» **Task objective**
Check every line below for the word "polygon" and give only the number of lines where it appears.

:: Dataset content

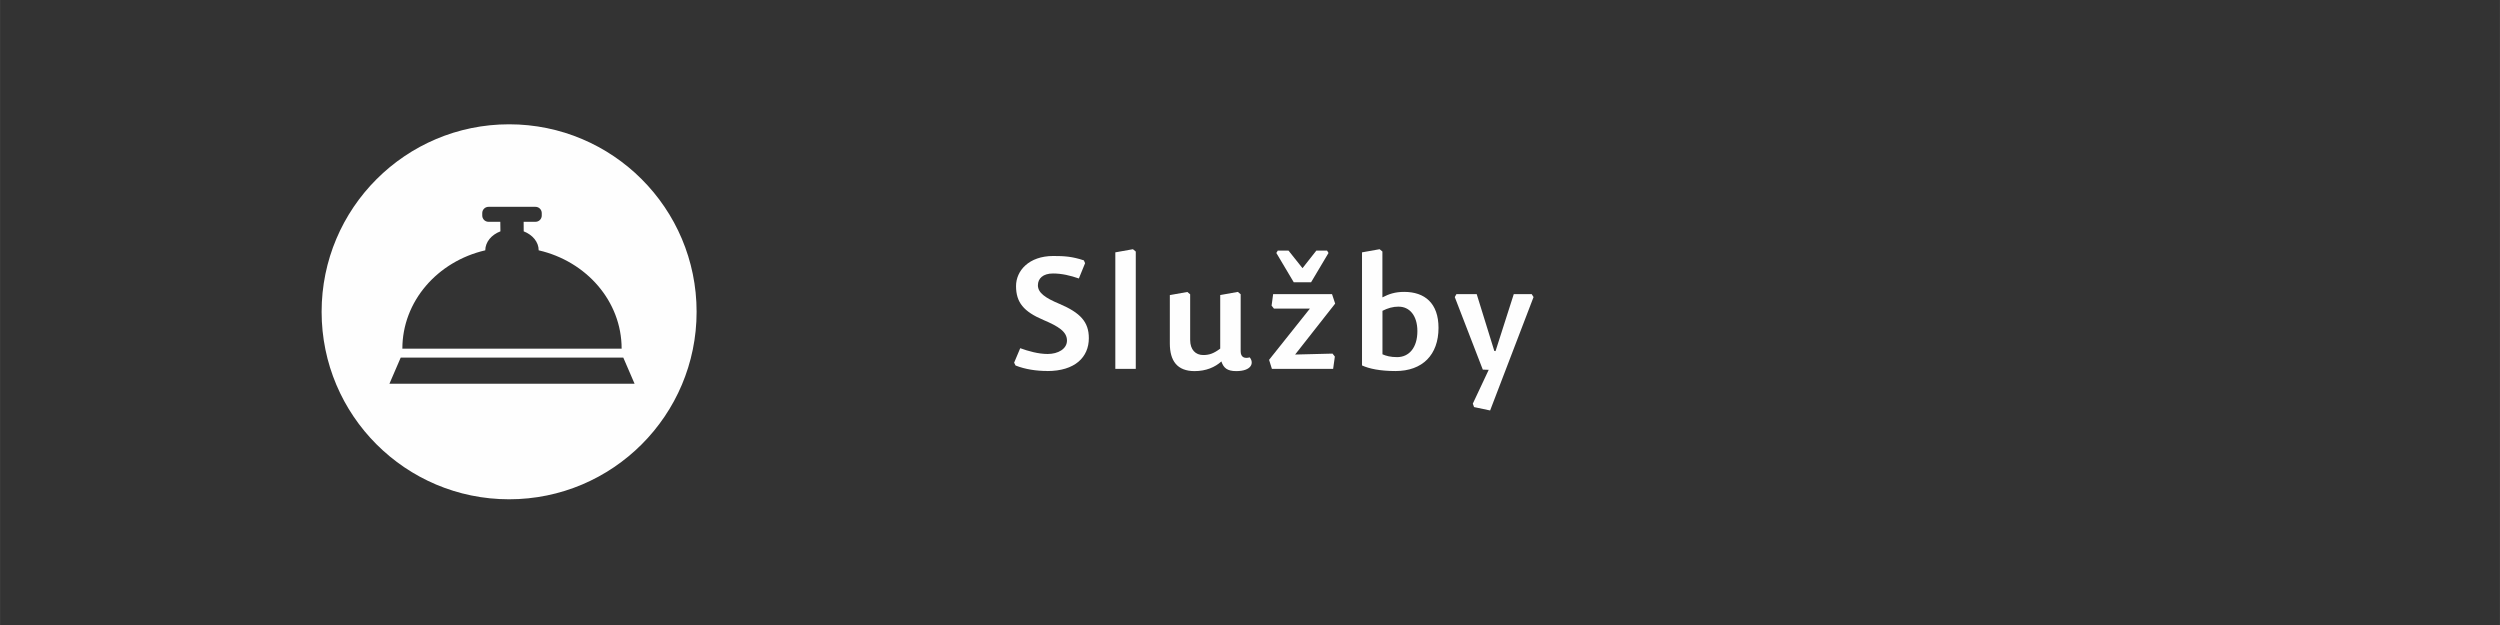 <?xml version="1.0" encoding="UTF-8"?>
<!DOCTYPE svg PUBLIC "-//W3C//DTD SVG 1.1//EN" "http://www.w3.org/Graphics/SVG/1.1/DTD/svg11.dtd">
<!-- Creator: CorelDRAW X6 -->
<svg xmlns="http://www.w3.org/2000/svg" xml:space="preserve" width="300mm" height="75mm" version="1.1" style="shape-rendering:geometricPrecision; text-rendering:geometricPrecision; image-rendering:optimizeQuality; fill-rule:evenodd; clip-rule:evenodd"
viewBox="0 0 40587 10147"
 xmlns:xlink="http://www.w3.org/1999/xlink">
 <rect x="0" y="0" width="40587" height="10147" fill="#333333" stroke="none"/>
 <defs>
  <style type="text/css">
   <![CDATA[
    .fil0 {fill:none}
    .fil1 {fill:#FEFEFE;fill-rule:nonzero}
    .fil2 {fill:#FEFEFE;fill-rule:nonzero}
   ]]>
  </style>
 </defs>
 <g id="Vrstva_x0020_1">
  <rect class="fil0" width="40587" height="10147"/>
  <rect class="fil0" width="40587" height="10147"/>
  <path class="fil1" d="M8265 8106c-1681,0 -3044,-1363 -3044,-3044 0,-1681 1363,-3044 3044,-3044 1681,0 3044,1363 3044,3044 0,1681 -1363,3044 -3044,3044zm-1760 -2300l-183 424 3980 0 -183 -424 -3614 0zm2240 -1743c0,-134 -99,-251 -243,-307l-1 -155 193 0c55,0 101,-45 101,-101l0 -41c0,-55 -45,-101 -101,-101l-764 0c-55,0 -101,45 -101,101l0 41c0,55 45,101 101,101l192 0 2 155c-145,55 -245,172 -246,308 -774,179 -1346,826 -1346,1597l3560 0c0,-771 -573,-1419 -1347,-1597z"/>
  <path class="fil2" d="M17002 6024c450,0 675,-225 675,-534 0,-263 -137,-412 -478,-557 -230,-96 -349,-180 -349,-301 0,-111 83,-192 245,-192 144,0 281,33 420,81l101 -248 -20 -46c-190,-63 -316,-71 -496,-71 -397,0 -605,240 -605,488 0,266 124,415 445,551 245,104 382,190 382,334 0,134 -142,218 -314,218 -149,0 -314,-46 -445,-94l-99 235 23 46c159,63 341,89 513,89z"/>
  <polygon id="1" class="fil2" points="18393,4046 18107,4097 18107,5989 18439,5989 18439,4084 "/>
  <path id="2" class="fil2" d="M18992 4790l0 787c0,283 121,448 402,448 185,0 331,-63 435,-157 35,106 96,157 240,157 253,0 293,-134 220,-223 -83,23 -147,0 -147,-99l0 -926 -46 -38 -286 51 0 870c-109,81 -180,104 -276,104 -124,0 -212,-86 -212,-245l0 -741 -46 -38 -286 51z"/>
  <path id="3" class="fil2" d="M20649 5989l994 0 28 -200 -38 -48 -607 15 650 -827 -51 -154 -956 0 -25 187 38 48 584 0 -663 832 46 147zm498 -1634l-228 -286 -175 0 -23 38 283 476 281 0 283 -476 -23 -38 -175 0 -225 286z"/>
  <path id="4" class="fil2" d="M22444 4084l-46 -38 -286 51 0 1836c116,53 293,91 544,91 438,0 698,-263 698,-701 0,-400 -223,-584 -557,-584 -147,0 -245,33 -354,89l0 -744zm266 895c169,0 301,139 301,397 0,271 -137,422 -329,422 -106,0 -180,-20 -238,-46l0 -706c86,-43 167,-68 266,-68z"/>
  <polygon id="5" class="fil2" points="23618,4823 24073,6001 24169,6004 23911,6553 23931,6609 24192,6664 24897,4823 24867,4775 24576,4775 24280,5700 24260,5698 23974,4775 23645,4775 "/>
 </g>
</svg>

::::

» **Answer space**
2